> **DATA SUPPLIED**:
══════

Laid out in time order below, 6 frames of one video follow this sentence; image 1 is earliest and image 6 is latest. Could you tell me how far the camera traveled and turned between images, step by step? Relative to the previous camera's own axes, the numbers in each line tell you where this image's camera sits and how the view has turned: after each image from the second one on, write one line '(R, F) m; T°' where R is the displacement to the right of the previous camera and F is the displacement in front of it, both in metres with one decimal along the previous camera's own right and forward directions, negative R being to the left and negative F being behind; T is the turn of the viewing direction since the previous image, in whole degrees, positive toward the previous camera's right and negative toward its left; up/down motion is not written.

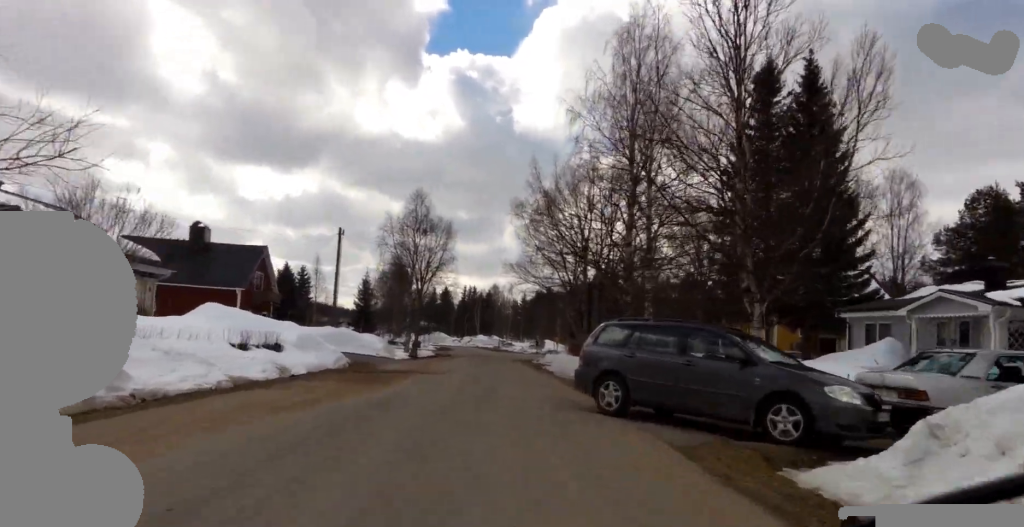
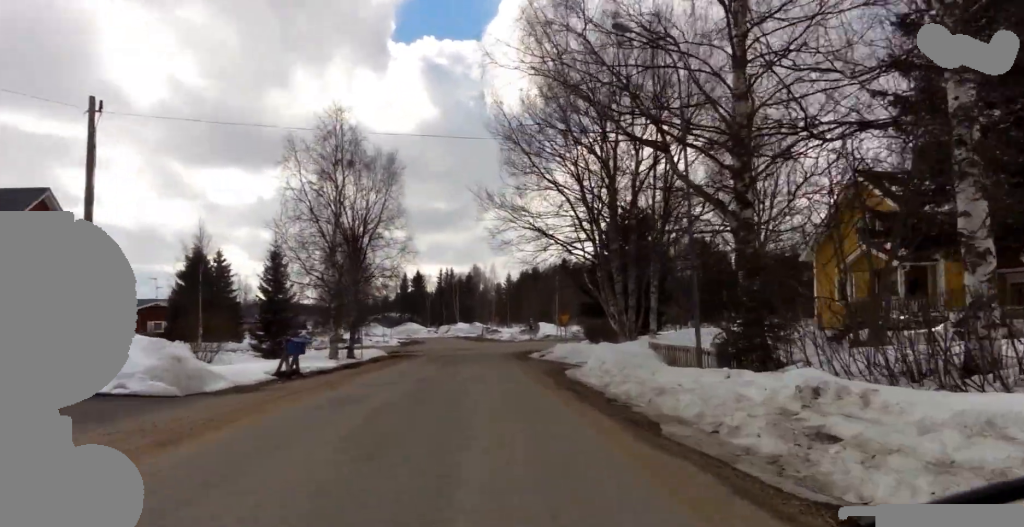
(+1.1, +18.2) m; +5°
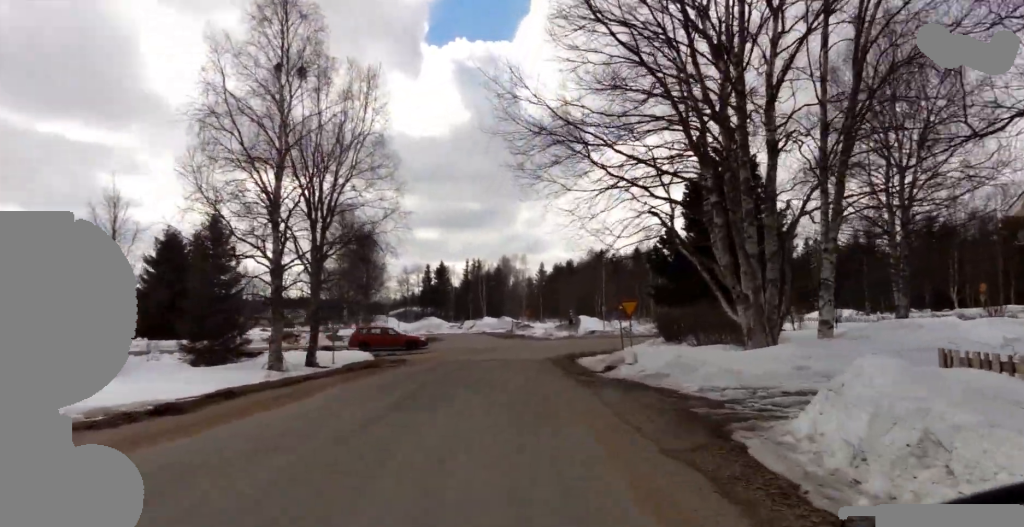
(-2.1, +11.6) m; -12°
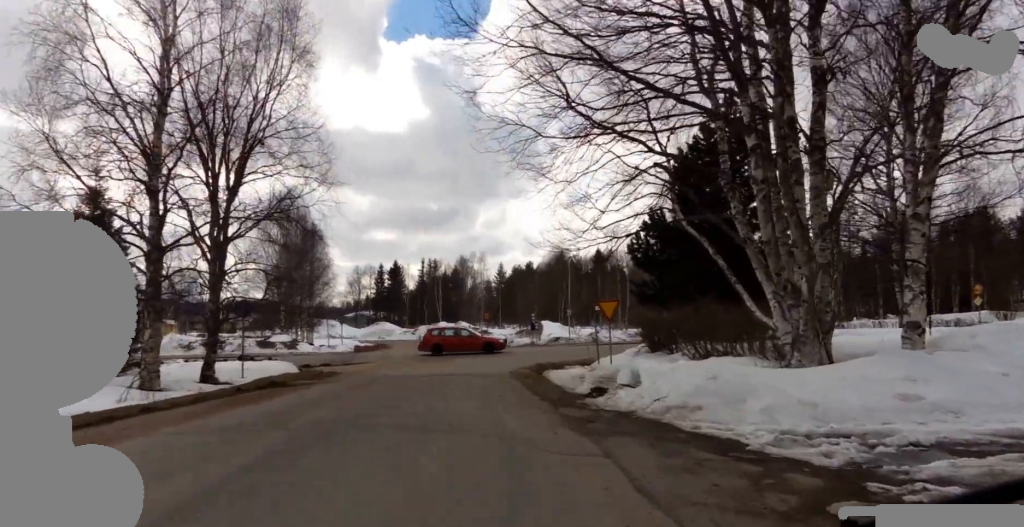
(0.0, +4.4) m; -1°
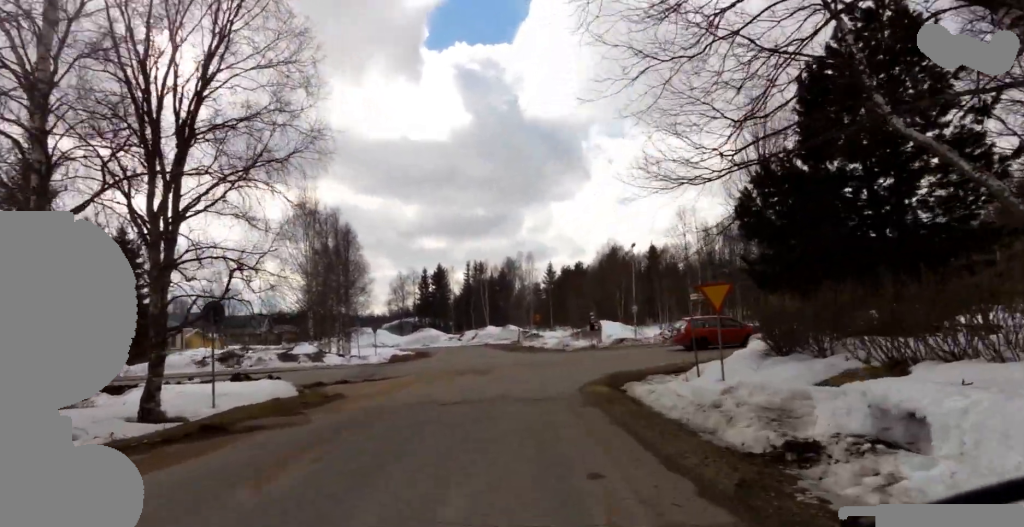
(0.0, +5.9) m; -3°
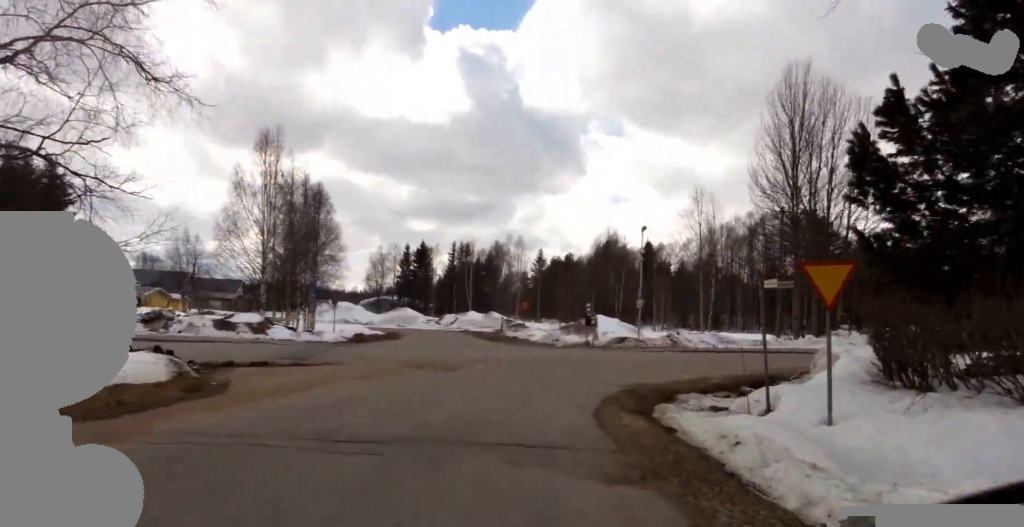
(-0.5, +5.7) m; +10°

══════

> **WHAT THE TASK REQUIRES**: Copy the material shown above in full and exactly. Skip the pictures.

> **YOUR SOLUTION**:
Laid out in time order below, 6 frames of one video follow this sentence; image 1 is earliest and image 6 is latest. Could you tell me how far the camera traveled and turned between images, step by step? Relative to the previous camera's own axes, the numbers in each line tell you where this image's camera sits and how the view has turned: after each image from the second one on, write one line '(R, F) m; T°' where R is the displacement to the right of the previous camera and F is the displacement in front of it, both in metres with one decimal along the previous camera's own right and forward directions, negative R being to the left and negative F being behind; T is the turn of the viewing direction since the previous image, in whole degrees, positive toward the previous camera's right and negative toward its left; up/down motion is not written.

(+1.1, +18.2) m; +5°
(-2.1, +11.6) m; -12°
(0.0, +4.4) m; -1°
(0.0, +5.9) m; -3°
(-0.5, +5.7) m; +10°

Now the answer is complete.